* **DIRECTIONS FOR THIS TASK**
Starting at the line containing "Time of day: SunriseSunset" and ending at the line containing "Website: crate-barrel", transcribe the listing below exactly. Keep both end lines, skip the pictures, and copy nothing else.

========================

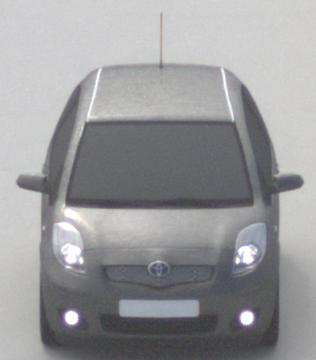
Make: Toyota
Model: Yaris 1.0
Detailed model: Yaris (XP13)
Model produced from: 2011/10
Model produced until: 2014/08
Doors: 3
Color: gray
Road condition: dry road
Daytime: midday
Contrast: medium contrast
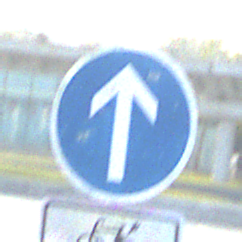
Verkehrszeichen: VorgeschriebeneFahrtrichtungGeradeaus
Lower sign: EinspurigeFahrzeugeFrei6
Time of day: SunriseSunset
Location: Outdoor (Urban)
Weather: Clear
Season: NotSpecified
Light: Natural
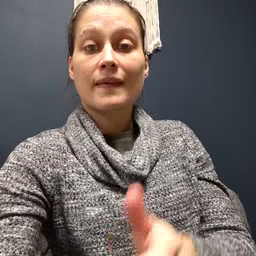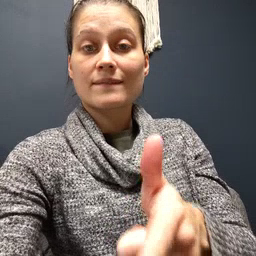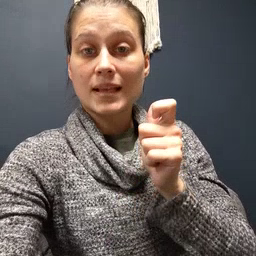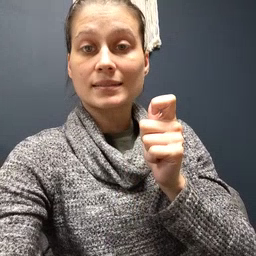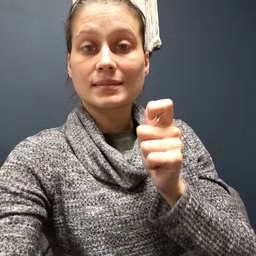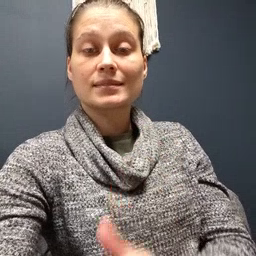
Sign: fast
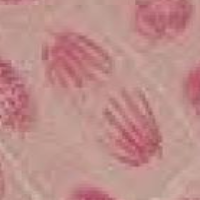
Label: anaphase
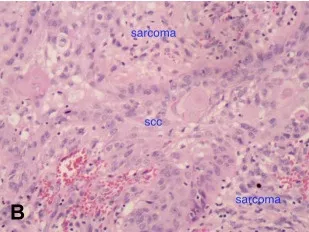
Histological finding at original magnification x20. (2). Shows mixed two components (both squamous cell carcinoma, and ,sarcoma).
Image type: pathology (h&e)
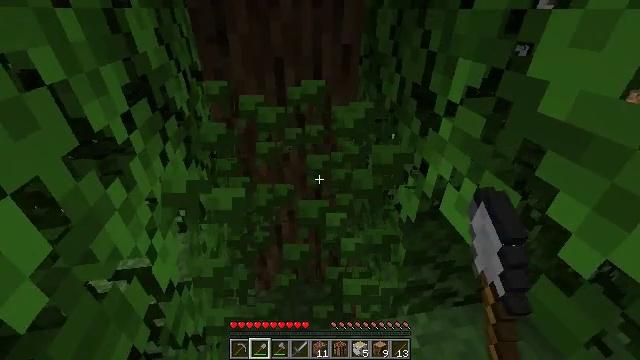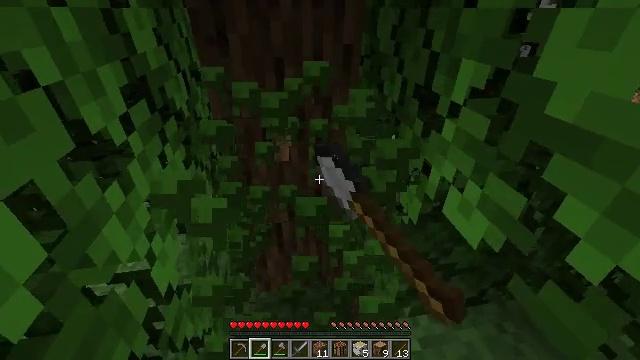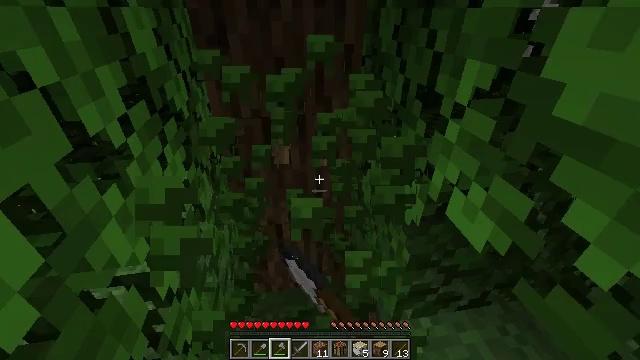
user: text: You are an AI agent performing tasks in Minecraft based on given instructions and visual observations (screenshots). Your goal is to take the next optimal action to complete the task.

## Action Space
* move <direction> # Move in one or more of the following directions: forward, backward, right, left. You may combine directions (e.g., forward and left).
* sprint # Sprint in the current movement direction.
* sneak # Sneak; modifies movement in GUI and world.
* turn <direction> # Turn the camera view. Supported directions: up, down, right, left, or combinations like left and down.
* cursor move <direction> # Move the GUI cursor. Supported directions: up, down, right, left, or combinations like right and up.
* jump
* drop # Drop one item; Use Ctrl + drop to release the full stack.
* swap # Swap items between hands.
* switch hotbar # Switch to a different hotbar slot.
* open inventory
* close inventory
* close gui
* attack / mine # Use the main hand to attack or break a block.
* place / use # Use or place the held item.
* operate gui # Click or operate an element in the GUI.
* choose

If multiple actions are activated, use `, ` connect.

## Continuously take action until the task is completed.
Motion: motion action
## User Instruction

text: Break oak leaves from the trees.
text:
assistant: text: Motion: attack / mine
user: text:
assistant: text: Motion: attack / mine, switch to hotbar 3
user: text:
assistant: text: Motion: attack / mine, switch to hotbar 3
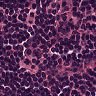
Metastatic tissue present: no
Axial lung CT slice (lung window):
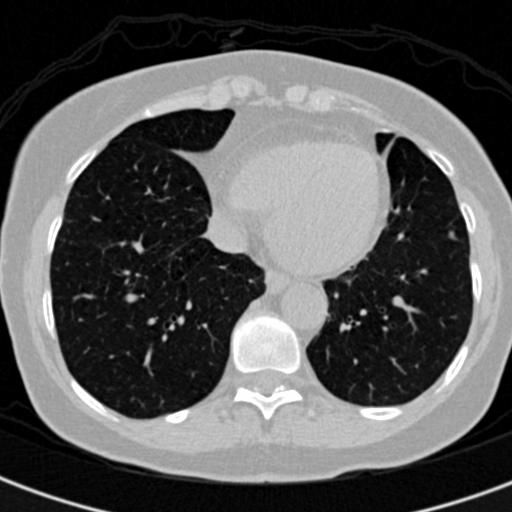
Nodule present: yes
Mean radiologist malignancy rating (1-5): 2.5
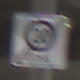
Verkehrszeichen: EndeZone20
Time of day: Midday
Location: Roofed (Urban)
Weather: Overcast
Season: NotSpecified
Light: Artificial
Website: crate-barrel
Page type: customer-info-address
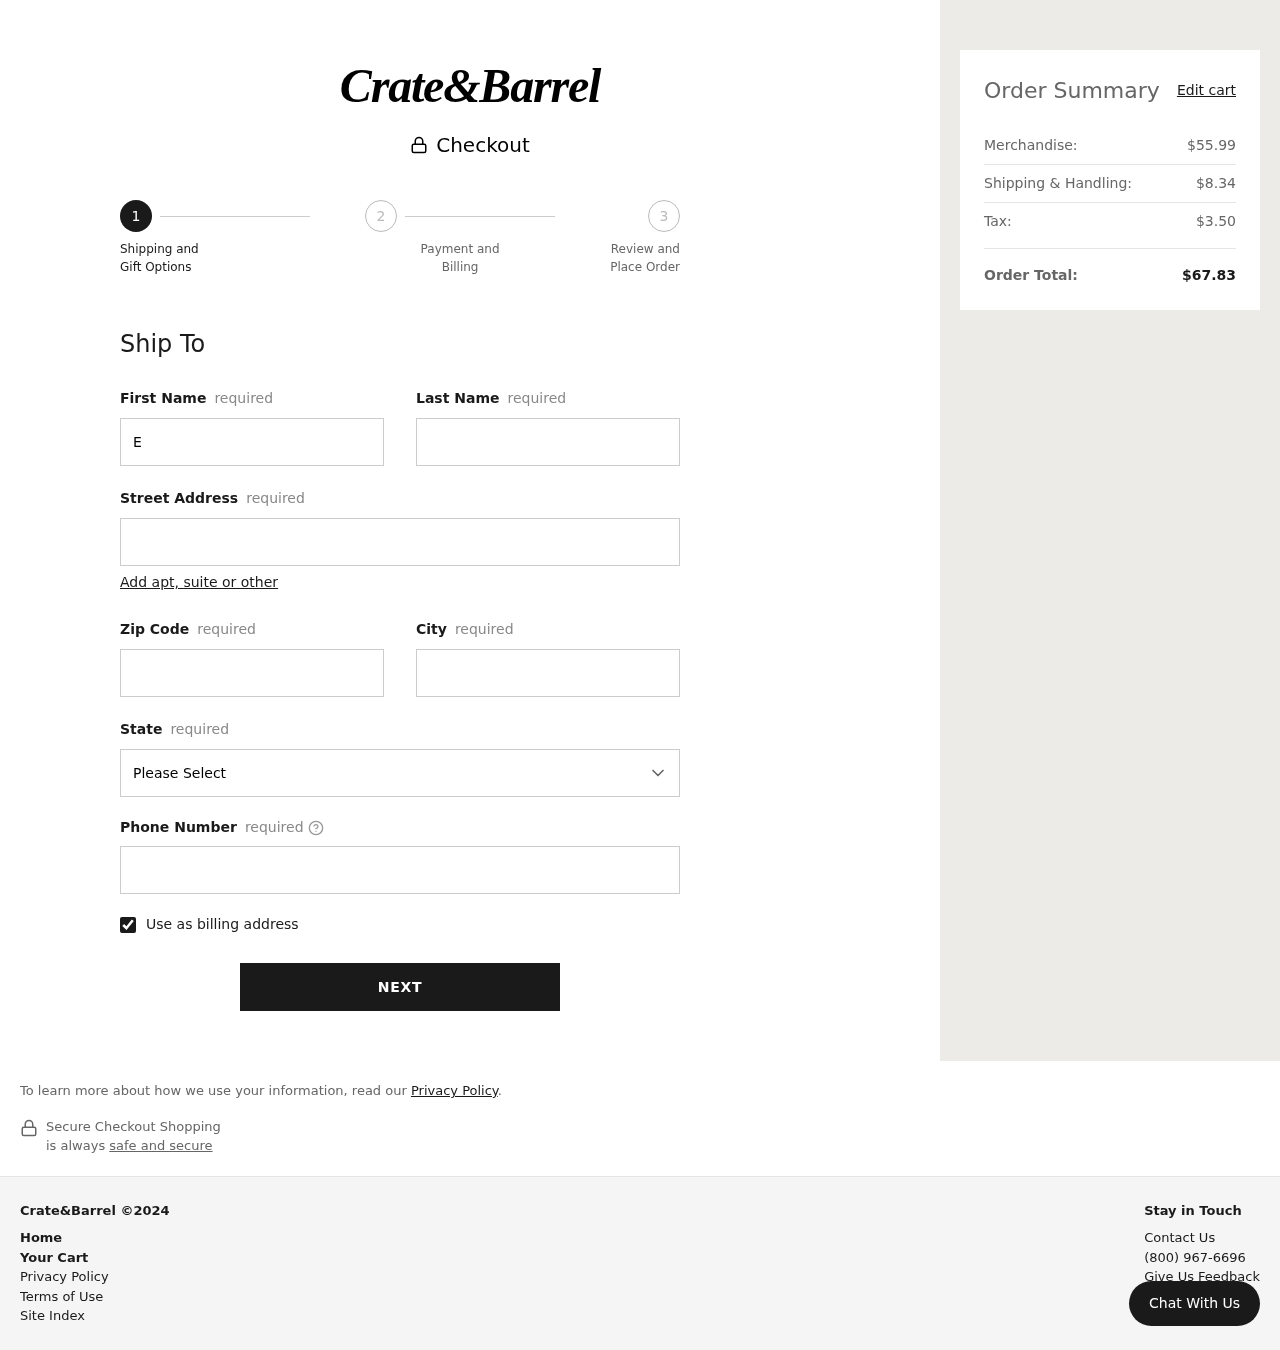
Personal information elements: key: PII_CITY
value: West Jayborough
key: PII_FIRSTNAME
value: Edward
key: PII_LASTNAME
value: Stone
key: PII_PHONE
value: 2065513507
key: PII_POSTCODE
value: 48714
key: PII_STATE
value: Iowa
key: PII_STREET
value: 56308 Dustin Forks
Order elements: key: ORDER_SUBTOTAL
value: $55.99
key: ORDER_SHIPPING_COST
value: $8.34
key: ORDER_TAX
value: $3.50
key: ORDER_TOTAL
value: $67.83
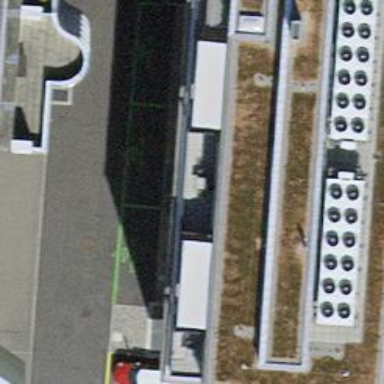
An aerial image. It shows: Charging station.
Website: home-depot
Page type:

========================

* **OUTPUT FOR THIS EXERCISE**
Time of day: SunriseSunset
Location: Outdoor (Urban)
Weather: Clear
Season: NotSpecified
Light: Natural
Sign: fast
Label: anaphase
Histological finding at original magnification x20. (2). Shows mixed two components (both squamous cell carcinoma, and ,sarcoma).
Image type: pathology (h&e)
user: text: You are an AI agent performing tasks in Minecraft based on given instructions and visual observations (screenshots). Your goal is to take the next optimal action to complete the task.

## Action Space
* move <direction> # Move in one or more of the following directions: forward, backward, right, left. You may combine directions (e.g., forward and left).
* sprint # Sprint in the current movement direction.
* sneak # Sneak; modifies movement in GUI and world.
* turn <direction> # Turn the camera view. Supported directions: up, down, right, left, or combinations like left and down.
* cursor move <direction> # Move the GUI cursor. Supported directions: up, down, right, left, or combinations like right and up.
* jump
* drop # Drop one item; Use Ctrl + drop to release the full stack.
* swap # Swap items between hands.
* switch hotbar # Switch to a different hotbar slot.
* open inventory
* close inventory
* close gui
* attack / mine # Use the main hand to attack or break a block.
* place / use # Use or place the held item.
* operate gui # Click or operate an element in the GUI.
* choose

If multiple actions are activated, use `, ` connect.

## Continuously take action until the task is completed.
Motion: motion action
## User Instruction

text: Break oak leaves from the trees.
text:
assistant: text: Motion: attack / mine
user: text:
assistant: text: Motion: attack / mine, switch to hotbar 3
user: text:
assistant: text: Motion: attack / mine, switch to hotbar 3
Metastatic tissue present: no
Axial lung CT slice (lung window):
Nodule present: yes
Mean radiologist malignancy rating (1-5): 2.5
Verkehrszeichen: EndeZone20
Time of day: Midday
Location: Roofed (Urban)
Weather: Overcast
Season: NotSpecified
Light: Artificial
Website: crate-barrel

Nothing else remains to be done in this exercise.